Make an exact copy of all the records that follow, apart from the pictures.

*Records from a data source*.
• • •

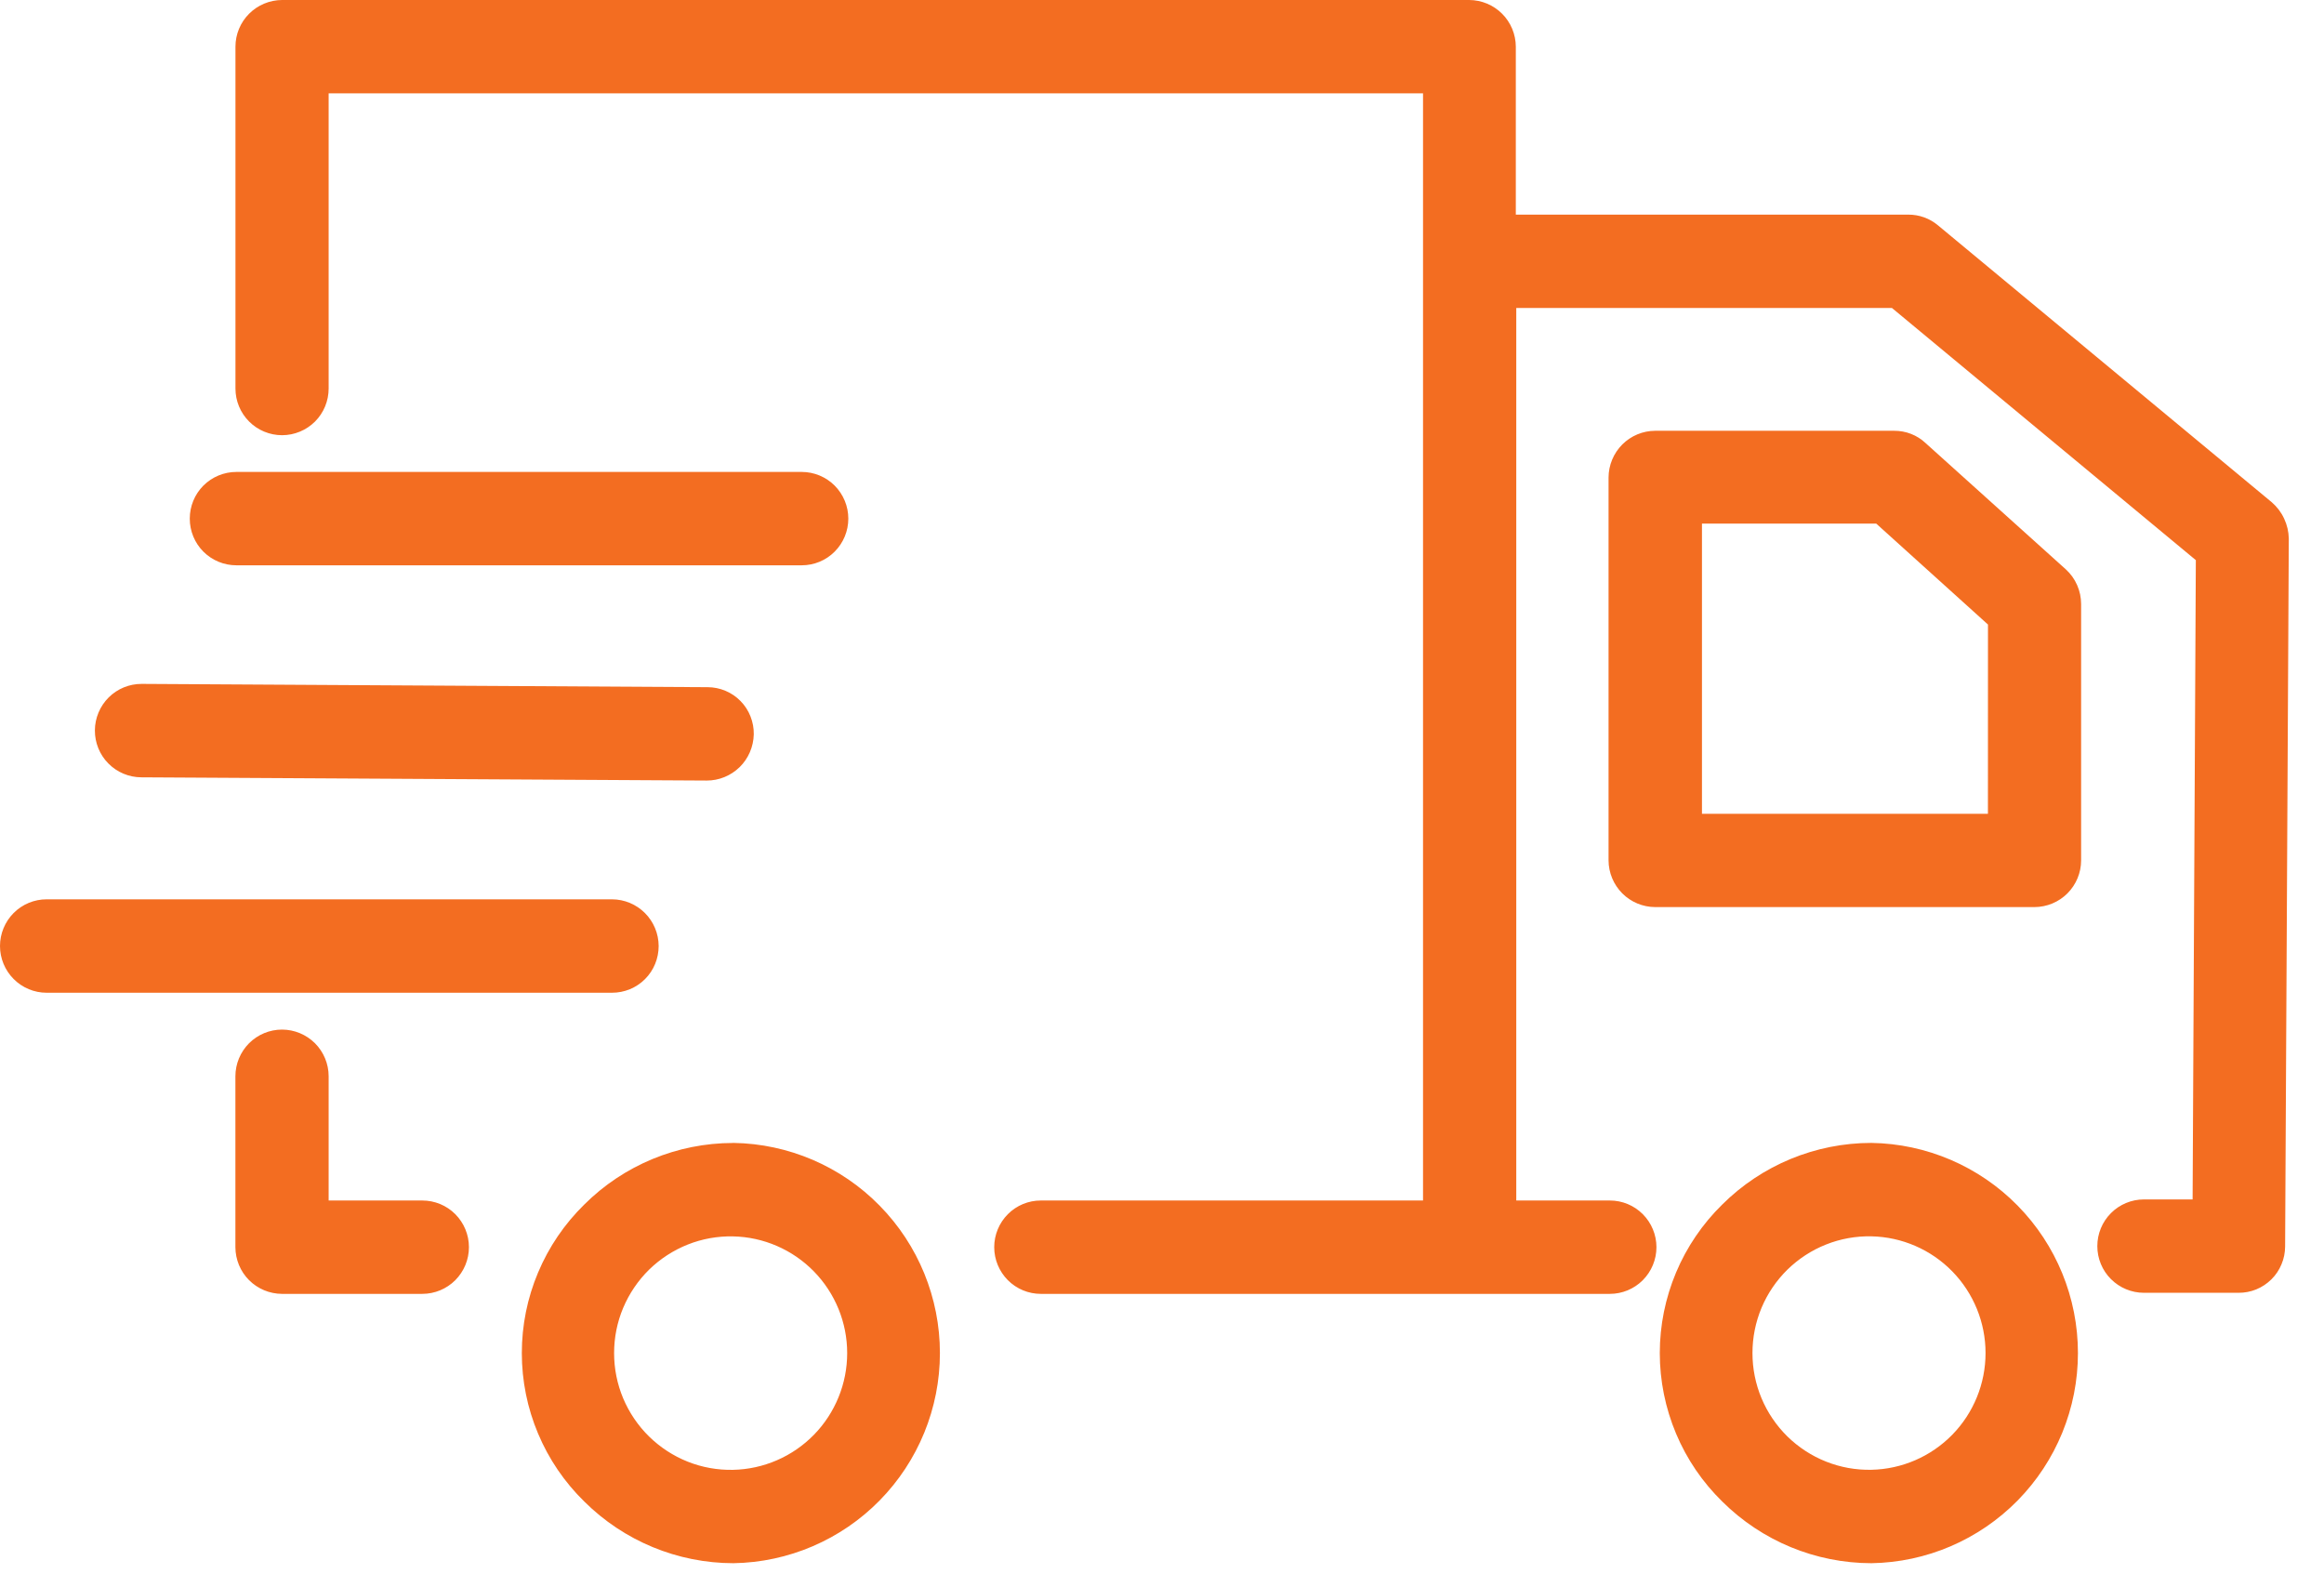 <svg width="41" height="28" viewBox="0 0 41 28" fill="none" xmlns="http://www.w3.org/2000/svg">
    <path
        d="M33.016 20.161C32.029 20.161 31.083 20.552 30.384 21.248C30.035 21.59 29.758 21.997 29.569 22.447C29.38 22.897 29.282 23.38 29.282 23.868C29.282 24.356 29.38 24.839 29.569 25.289C29.758 25.739 30.035 26.146 30.384 26.487C31.084 27.183 32.03 27.574 33.016 27.575C33.987 27.56 34.913 27.162 35.595 26.469C36.277 25.775 36.659 24.841 36.659 23.868C36.659 22.895 36.277 21.961 35.595 21.267C34.913 20.573 33.987 20.176 33.016 20.161ZM33.016 25.927C32.742 25.933 32.47 25.884 32.216 25.783C31.961 25.682 31.73 25.531 31.534 25.34C31.339 25.148 31.183 24.919 31.077 24.666C30.971 24.413 30.917 24.142 30.917 23.868C30.917 23.594 30.971 23.323 31.077 23.07C31.183 22.817 31.339 22.588 31.534 22.396C31.73 22.205 31.961 22.054 32.216 21.953C32.47 21.852 32.742 21.803 33.016 21.809C33.553 21.82 34.065 22.042 34.442 22.427C34.818 22.812 35.029 23.329 35.029 23.868C35.029 24.407 34.818 24.924 34.442 25.309C34.065 25.694 33.553 25.916 33.016 25.927ZM33.969 7.814C33.82 7.674 33.622 7.598 33.418 7.599H29.2C28.982 7.6 28.774 7.687 28.62 7.841C28.466 7.996 28.379 8.205 28.378 8.423V15.177C28.379 15.395 28.466 15.604 28.62 15.759C28.774 15.913 28.982 16 29.2 16.001H35.894C36.111 16 36.32 15.913 36.474 15.759C36.628 15.604 36.715 15.395 36.715 15.177V10.655C36.715 10.54 36.691 10.427 36.645 10.322C36.599 10.216 36.531 10.122 36.447 10.045L33.969 7.814ZM35.071 14.355H30.026V9.237H33.101L35.072 11.017L35.071 14.355ZM12.933 20.162C11.949 20.163 11.005 20.553 10.308 21.248C9.959 21.59 9.682 21.997 9.493 22.447C9.303 22.897 9.206 23.38 9.206 23.868C9.206 24.356 9.303 24.839 9.493 25.289C9.682 25.739 9.959 26.146 10.308 26.487C11.008 27.183 11.953 27.574 12.939 27.575C13.91 27.56 14.837 27.162 15.518 26.469C16.2 25.775 16.582 24.841 16.582 23.868C16.582 22.895 16.2 21.961 15.518 21.267C14.837 20.573 13.91 20.176 12.939 20.161L12.933 20.162ZM12.933 25.928C12.659 25.934 12.387 25.885 12.133 25.784C11.879 25.683 11.647 25.532 11.451 25.34C11.256 25.149 11.101 24.92 10.994 24.667C10.888 24.414 10.834 24.143 10.834 23.869C10.834 23.595 10.888 23.323 10.994 23.071C11.101 22.818 11.256 22.589 11.451 22.397C11.647 22.206 11.879 22.055 12.133 21.954C12.387 21.853 12.659 21.804 12.933 21.81C13.47 21.821 13.982 22.043 14.359 22.428C14.735 22.813 14.946 23.33 14.946 23.869C14.946 24.408 14.735 24.925 14.359 25.31C13.982 25.695 13.47 25.917 12.933 25.928ZM7.45 21.177H5.798V18.986C5.798 18.767 5.711 18.558 5.557 18.403C5.402 18.249 5.193 18.162 4.975 18.162C4.757 18.162 4.548 18.249 4.394 18.403C4.24 18.558 4.153 18.767 4.153 18.986V22.001C4.154 22.219 4.24 22.428 4.394 22.582C4.548 22.736 4.757 22.823 4.975 22.824H7.45C7.668 22.824 7.878 22.737 8.032 22.583C8.186 22.428 8.273 22.219 8.273 22C8.273 21.782 8.186 21.572 8.032 21.418C7.878 21.263 7.668 21.177 7.45 21.177ZM11.62 16.687C11.619 16.469 11.532 16.26 11.378 16.106C11.224 15.952 11.016 15.865 10.798 15.864H0.822C0.604 15.864 0.395 15.951 0.241 16.105C0.087 16.26 0 16.469 0 16.688C0 16.906 0.087 17.116 0.241 17.27C0.395 17.425 0.604 17.512 0.822 17.512H10.797C10.905 17.512 11.012 17.491 11.112 17.45C11.212 17.409 11.303 17.348 11.38 17.271C11.456 17.195 11.517 17.104 11.558 17.003C11.599 16.903 11.62 16.796 11.62 16.687ZM2.492 13.712L12.467 13.769C12.684 13.77 12.893 13.684 13.049 13.532C13.204 13.38 13.293 13.172 13.298 12.954C13.3 12.846 13.28 12.738 13.24 12.637C13.2 12.536 13.141 12.444 13.065 12.367C12.989 12.289 12.899 12.228 12.799 12.186C12.699 12.144 12.592 12.122 12.484 12.122L2.51 12.064H2.5C2.282 12.063 2.072 12.149 1.917 12.303C1.763 12.457 1.675 12.666 1.674 12.884C1.673 13.103 1.758 13.313 1.912 13.468C2.065 13.623 2.274 13.711 2.492 13.712ZM4.17 9.972H14.144C14.362 9.972 14.571 9.886 14.725 9.731C14.879 9.577 14.966 9.367 14.966 9.149C14.966 8.93 14.879 8.721 14.725 8.566C14.571 8.412 14.362 8.325 14.144 8.325H4.17C3.952 8.325 3.743 8.412 3.588 8.566C3.434 8.721 3.348 8.93 3.348 9.149C3.348 9.367 3.434 9.577 3.588 9.731C3.743 9.886 3.952 9.972 4.17 9.972ZM40.079 8.86L34.191 3.976C34.044 3.852 33.858 3.785 33.665 3.786H26.742V0.823C26.741 0.605 26.654 0.396 26.5 0.242C26.346 0.088 26.137 0.001 25.92 0H4.976C4.758 0.001 4.549 0.088 4.395 0.242C4.241 0.396 4.154 0.605 4.154 0.823V6.853C4.154 7.072 4.24 7.281 4.395 7.436C4.549 7.59 4.758 7.677 4.976 7.677C5.194 7.677 5.403 7.59 5.558 7.436C5.712 7.281 5.798 7.072 5.798 6.853V1.646H25.105V21.177H18.362C18.144 21.177 17.935 21.263 17.781 21.418C17.627 21.572 17.54 21.782 17.54 22C17.54 22.219 17.627 22.428 17.781 22.583C17.935 22.737 18.144 22.824 18.362 22.824H28.401C28.619 22.824 28.828 22.737 28.982 22.583C29.136 22.428 29.223 22.219 29.223 22C29.223 21.782 29.136 21.572 28.982 21.418C28.828 21.263 28.619 21.177 28.401 21.177H26.75V5.433H33.378L38.739 9.881L38.682 21.158H37.823C37.605 21.158 37.396 21.245 37.242 21.399C37.087 21.554 37.001 21.763 37.001 21.982C37.001 22.2 37.087 22.41 37.242 22.564C37.396 22.718 37.605 22.805 37.823 22.805H39.492C39.599 22.806 39.706 22.785 39.805 22.745C39.905 22.704 39.995 22.644 40.072 22.568C40.148 22.493 40.209 22.403 40.25 22.303C40.292 22.204 40.313 22.098 40.314 21.99L40.379 9.502C40.377 9.38 40.349 9.26 40.297 9.149C40.246 9.038 40.171 8.94 40.079 8.86Z"
        fill="#F36D21"/>
</svg>

• • •

*RESPONSE FOR THIS EXERCISE*.
 <svg width="41" height="28" viewBox="0 0 41 28" fill="none" xmlns="http://www.w3.org/2000/svg">
    <path
        d="M33.016 20.161C32.029 20.161 31.083 20.552 30.384 21.248C30.035 21.59 29.758 21.997 29.569 22.447C29.38 22.897 29.282 23.38 29.282 23.868C29.282 24.356 29.38 24.839 29.569 25.289C29.758 25.739 30.035 26.146 30.384 26.487C31.084 27.183 32.03 27.574 33.016 27.575C33.987 27.56 34.913 27.162 35.595 26.469C36.277 25.775 36.659 24.841 36.659 23.868C36.659 22.895 36.277 21.961 35.595 21.267C34.913 20.573 33.987 20.176 33.016 20.161ZM33.016 25.927C32.742 25.933 32.47 25.884 32.216 25.783C31.961 25.682 31.73 25.531 31.534 25.34C31.339 25.148 31.183 24.919 31.077 24.666C30.971 24.413 30.917 24.142 30.917 23.868C30.917 23.594 30.971 23.323 31.077 23.07C31.183 22.817 31.339 22.588 31.534 22.396C31.73 22.205 31.961 22.054 32.216 21.953C32.47 21.852 32.742 21.803 33.016 21.809C33.553 21.82 34.065 22.042 34.442 22.427C34.818 22.812 35.029 23.329 35.029 23.868C35.029 24.407 34.818 24.924 34.442 25.309C34.065 25.694 33.553 25.916 33.016 25.927ZM33.969 7.814C33.82 7.674 33.622 7.598 33.418 7.599H29.2C28.982 7.6 28.774 7.687 28.62 7.841C28.466 7.996 28.379 8.205 28.378 8.423V15.177C28.379 15.395 28.466 15.604 28.62 15.759C28.774 15.913 28.982 16 29.2 16.001H35.894C36.111 16 36.32 15.913 36.474 15.759C36.628 15.604 36.715 15.395 36.715 15.177V10.655C36.715 10.54 36.691 10.427 36.645 10.322C36.599 10.216 36.531 10.122 36.447 10.045L33.969 7.814ZM35.071 14.355H30.026V9.237H33.101L35.072 11.017L35.071 14.355ZM12.933 20.162C11.949 20.163 11.005 20.553 10.308 21.248C9.959 21.59 9.682 21.997 9.493 22.447C9.303 22.897 9.206 23.38 9.206 23.868C9.206 24.356 9.303 24.839 9.493 25.289C9.682 25.739 9.959 26.146 10.308 26.487C11.008 27.183 11.953 27.574 12.939 27.575C13.91 27.56 14.837 27.162 15.518 26.469C16.2 25.775 16.582 24.841 16.582 23.868C16.582 22.895 16.2 21.961 15.518 21.267C14.837 20.573 13.91 20.176 12.939 20.161L12.933 20.162ZM12.933 25.928C12.659 25.934 12.387 25.885 12.133 25.784C11.879 25.683 11.647 25.532 11.451 25.34C11.256 25.149 11.101 24.92 10.994 24.667C10.888 24.414 10.834 24.143 10.834 23.869C10.834 23.595 10.888 23.323 10.994 23.071C11.101 22.818 11.256 22.589 11.451 22.397C11.647 22.206 11.879 22.055 12.133 21.954C12.387 21.853 12.659 21.804 12.933 21.81C13.47 21.821 13.982 22.043 14.359 22.428C14.735 22.813 14.946 23.33 14.946 23.869C14.946 24.408 14.735 24.925 14.359 25.31C13.982 25.695 13.47 25.917 12.933 25.928ZM7.45 21.177H5.798V18.986C5.798 18.767 5.711 18.558 5.557 18.403C5.402 18.249 5.193 18.162 4.975 18.162C4.757 18.162 4.548 18.249 4.394 18.403C4.24 18.558 4.153 18.767 4.153 18.986V22.001C4.154 22.219 4.24 22.428 4.394 22.582C4.548 22.736 4.757 22.823 4.975 22.824H7.45C7.668 22.824 7.878 22.737 8.032 22.583C8.186 22.428 8.273 22.219 8.273 22C8.273 21.782 8.186 21.572 8.032 21.418C7.878 21.263 7.668 21.177 7.45 21.177ZM11.62 16.687C11.619 16.469 11.532 16.26 11.378 16.106C11.224 15.952 11.016 15.865 10.798 15.864H0.822C0.604 15.864 0.395 15.951 0.241 16.105C0.087 16.26 0 16.469 0 16.688C0 16.906 0.087 17.116 0.241 17.27C0.395 17.425 0.604 17.512 0.822 17.512H10.797C10.905 17.512 11.012 17.491 11.112 17.45C11.212 17.409 11.303 17.348 11.38 17.271C11.456 17.195 11.517 17.104 11.558 17.003C11.599 16.903 11.62 16.796 11.62 16.687ZM2.492 13.712L12.467 13.769C12.684 13.77 12.893 13.684 13.049 13.532C13.204 13.38 13.293 13.172 13.298 12.954C13.3 12.846 13.28 12.738 13.24 12.637C13.2 12.536 13.141 12.444 13.065 12.367C12.989 12.289 12.899 12.228 12.799 12.186C12.699 12.144 12.592 12.122 12.484 12.122L2.51 12.064H2.5C2.282 12.063 2.072 12.149 1.917 12.303C1.763 12.457 1.675 12.666 1.674 12.884C1.673 13.103 1.758 13.313 1.912 13.468C2.065 13.623 2.274 13.711 2.492 13.712ZM4.17 9.972H14.144C14.362 9.972 14.571 9.886 14.725 9.731C14.879 9.577 14.966 9.367 14.966 9.149C14.966 8.93 14.879 8.721 14.725 8.566C14.571 8.412 14.362 8.325 14.144 8.325H4.17C3.952 8.325 3.743 8.412 3.588 8.566C3.434 8.721 3.348 8.93 3.348 9.149C3.348 9.367 3.434 9.577 3.588 9.731C3.743 9.886 3.952 9.972 4.17 9.972ZM40.079 8.86L34.191 3.976C34.044 3.852 33.858 3.785 33.665 3.786H26.742V0.823C26.741 0.605 26.654 0.396 26.5 0.242C26.346 0.088 26.137 0.001 25.92 0H4.976C4.758 0.001 4.549 0.088 4.395 0.242C4.241 0.396 4.154 0.605 4.154 0.823V6.853C4.154 7.072 4.24 7.281 4.395 7.436C4.549 7.59 4.758 7.677 4.976 7.677C5.194 7.677 5.403 7.59 5.558 7.436C5.712 7.281 5.798 7.072 5.798 6.853V1.646H25.105V21.177H18.362C18.144 21.177 17.935 21.263 17.781 21.418C17.627 21.572 17.54 21.782 17.54 22C17.54 22.219 17.627 22.428 17.781 22.583C17.935 22.737 18.144 22.824 18.362 22.824H28.401C28.619 22.824 28.828 22.737 28.982 22.583C29.136 22.428 29.223 22.219 29.223 22C29.223 21.782 29.136 21.572 28.982 21.418C28.828 21.263 28.619 21.177 28.401 21.177H26.75V5.433H33.378L38.739 9.881L38.682 21.158H37.823C37.605 21.158 37.396 21.245 37.242 21.399C37.087 21.554 37.001 21.763 37.001 21.982C37.001 22.2 37.087 22.41 37.242 22.564C37.396 22.718 37.605 22.805 37.823 22.805H39.492C39.599 22.806 39.706 22.785 39.805 22.745C39.905 22.704 39.995 22.644 40.072 22.568C40.148 22.493 40.209 22.403 40.25 22.303C40.292 22.204 40.313 22.098 40.314 21.99L40.379 9.502C40.377 9.38 40.349 9.26 40.297 9.149C40.246 9.038 40.171 8.94 40.079 8.86Z"
        fill="#F36D21"/>
</svg>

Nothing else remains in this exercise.